Rating: Summary: Winesburg, amazing Review: I am only 17 years old, but I've read a lot of books. I want to tell everybody out there that Winesburg, Ohio by Sherwood Anderson is, by far, the best I've read so far. We were required to read it for an advanced english class and every student in the class was "wowed" by the depth of Anderson's book. I strongly recomend this book for any high school, or college, class; or book club. I feel that the only way to read this book is in a group so each chapter can be discussed and studied. This is not a book for those looking for an easy-reader. This is for those of you who will catch the small things (Who's a grotesque? Who's not? Are they twisted apples? Note the motifs of hands, light and dark, adventure. In which chapters are there allusion to greek myths? To The Bible?) I strongly recomend this book to anyone who has lost faith in the thoughfullness of writers today. The book will wow you, but only if you can figure it out.
Rating: Summary: Haunting tales of loneliness and alienation. Review: I suspect this book shocked contemporary audiences. The chapters are stories about alienated, unhappy, often lonely characters living in a small town. The characters have their vagaries and flaws, but also their desires, dreams, lusts, disappointments. Under the small-town veneer is as much per capita sadness and dysfunction as any big city contains
Rating: Summary: Winesburgers Review: Sherwood Anderson's "Winesburg, Ohio" is a string of twenty-one connected stories (plus an introduction) that, like James Joyce's "Dubliners", links a community of people to a single place and time and explores common themes. Most of the stories are told from the vista of the recurring central character George Willard, the local newspaper reporter and a sort of alter ego of Anderson, who used his own rural hometown of Clyde, Ohio, as a model for Winesburg. Rather than an idyllic portrayal of American small town life in the 1890's, these stories are about psychological isolation, loneliness, and sexual repression and frustration brought about by small town mores. These people are as sad and neurotic as any that might be found living in the big cities. Anderson calls them "grotesques," people who are warped by the sanctimoniousness of provincial piety and their own inhibitions. His nonchalant, ironic way of writing understates the peculiarity and the gloominess of the stories. The stories are loaded with symbolism that is difficult to decipher. My favorite is probably the four-part "Godliness", which, in a satire of religious fervor, merges parodies of the biblical tales of Abraham's near-sacrifice of Isaac and David's slaying of Goliath. But all the stories have interesting allusions of various degrees of subtlety. This work must have seemed quite groundbreaking in its depth, complexity, and boldness when it was first published in 1919.

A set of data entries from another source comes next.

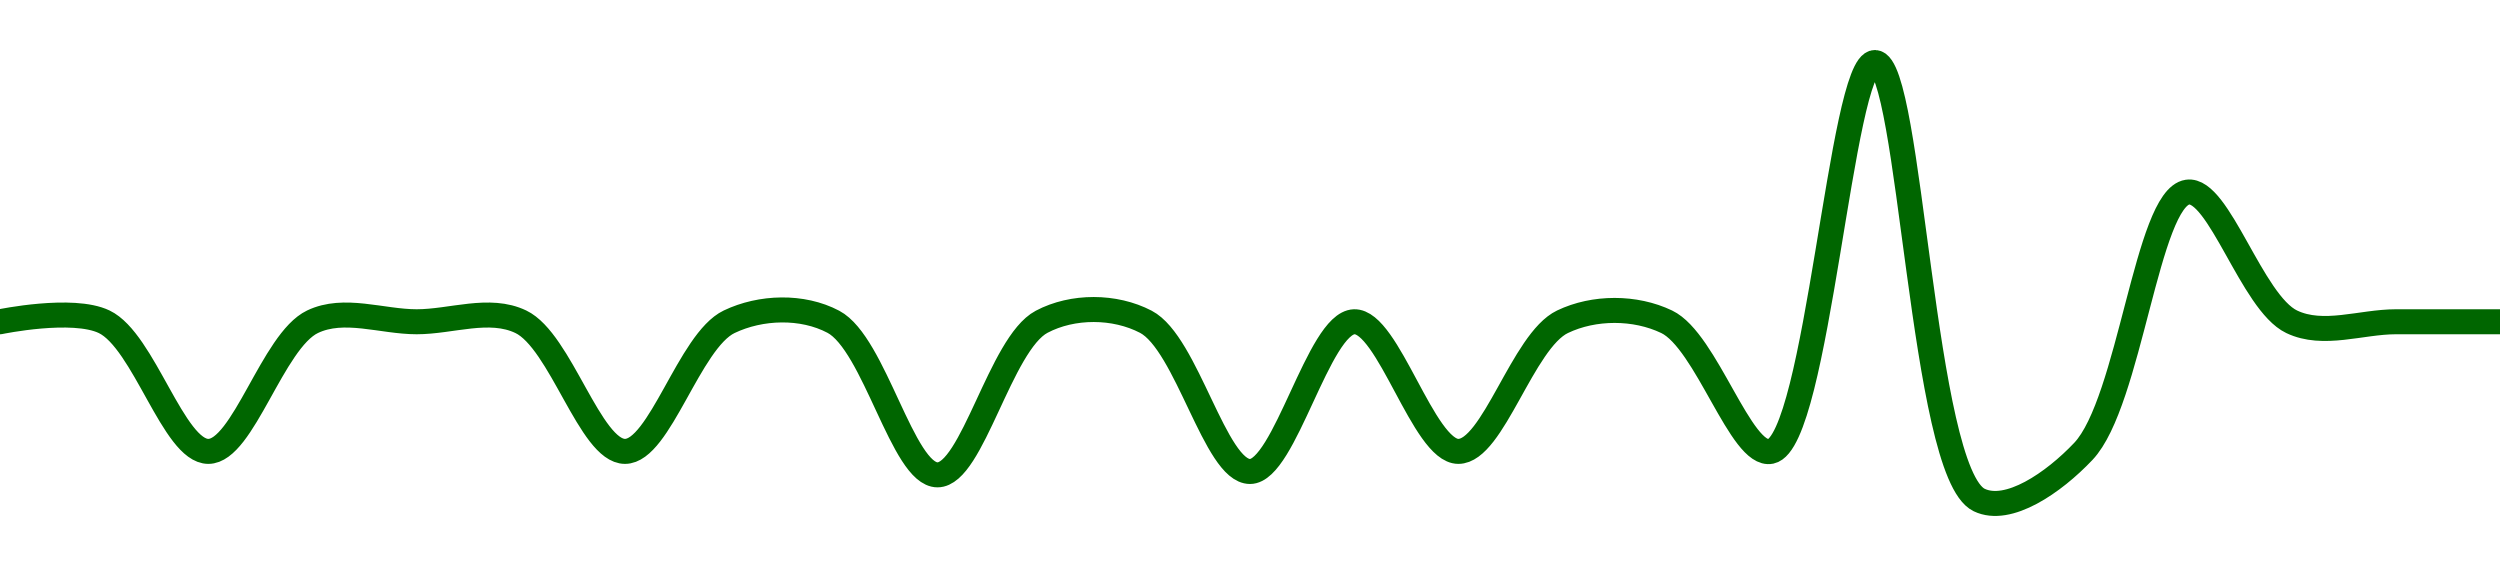 <!-- series1d: [1.001,1.001,1,1.001,1.001,1.001,1,1.001,1.001,0.999819,1.001,1.001,0.999845,1.001,1,1.001,1.001,1,1.003,0.999625,1,1.002,1.001,1.001,1.001] -->

<svg width="200" height="45" viewBox="0 0 200 45" xmlns="http://www.w3.org/2000/svg">
  <defs>
    <linearGradient id="grad-area" x1="0" y1="0" x2="0" y2="1">
      <stop offset="0%" stop-color="rgba(76,175,80,.2)" />
      <stop offset="100%" stop-color="rgba(0,0,0,0)" />
    </linearGradient>
  </defs>

  <path d="M0,25.741C0,25.741,5.811,24.532,8.333,25.741C11.52,27.268,13.889,36.111,16.667,36.111C19.444,36.111,21.814,27.268,25,25.741C27.522,24.532,30.556,25.741,33.333,25.741C36.111,25.741,39.145,24.532,41.667,25.741C44.853,27.268,47.222,36.111,50,36.111C52.778,36.111,55.147,27.268,58.333,25.741C60.855,24.532,64.186,24.428,66.667,25.741C69.973,27.49,72.222,37.988,75,37.988C77.778,37.988,80.027,27.49,83.333,25.741C85.814,24.428,89.181,24.442,91.667,25.741C94.956,27.459,97.222,37.719,100,37.719C102.778,37.719,105.488,25.839,108.333,25.741C111.05,25.647,113.889,36.111,116.667,36.111C119.444,36.111,121.814,27.268,125,25.741C127.522,24.532,130.811,24.532,133.333,25.741C136.52,27.268,139.277,36.614,141.667,36.111C145.385,35.328,147.295,4.962,150,5C152.859,5.04,153.751,37.785,158.333,40C160.65,41.12,164.278,38.634,166.667,36.111C170.391,32.178,171.758,15.852,175,15.37C177.501,14.999,180.147,24.214,183.333,25.741C185.855,26.949,188.889,25.741,191.667,25.741C194.444,25.741,200,25.741,200,25.741"
        fill="none"
        stroke="#006600"
        stroke-width="2"
        stroke-linejoin="round"
        stroke-linecap="round"
        />
</svg>

Rating: Summary: Not bad....but a classic? Review: I read this book as part of a course on 20th century American fiction. Now I realize I really don't know what small town Ohio was like in the early part of the 20th century, but surely it wasn't all like this. Every story/character was desperate and pathetic. Almost no characters had any redeeming features...except maybe the young reporter for the Winesburg paper. I thought some of the chapters were fantastic...like the chapter about the doctor, the young woman patient who became his wife and the balls of paper in his lab coat. But for the most part I found it depressing, hopeless, stiffling....and I am forever grateful that I don't live there.
Rating: Summary: Inconsequential Review: Take the simplicity of William Saroyan but omit the charm. Take the sparse imagery of Robert Frost but omit the poetry. Take the kaleidoscopic view of small town America of Edgar Lee Masters but omit the humanity. And there you have Anderson's Winesburg. There is no elegance in his style and no consequence in his narrative. He seeks to reveal Middle America with a series of vignettes but the result is a frustrating, meandering journey to Nowhere, Ohio.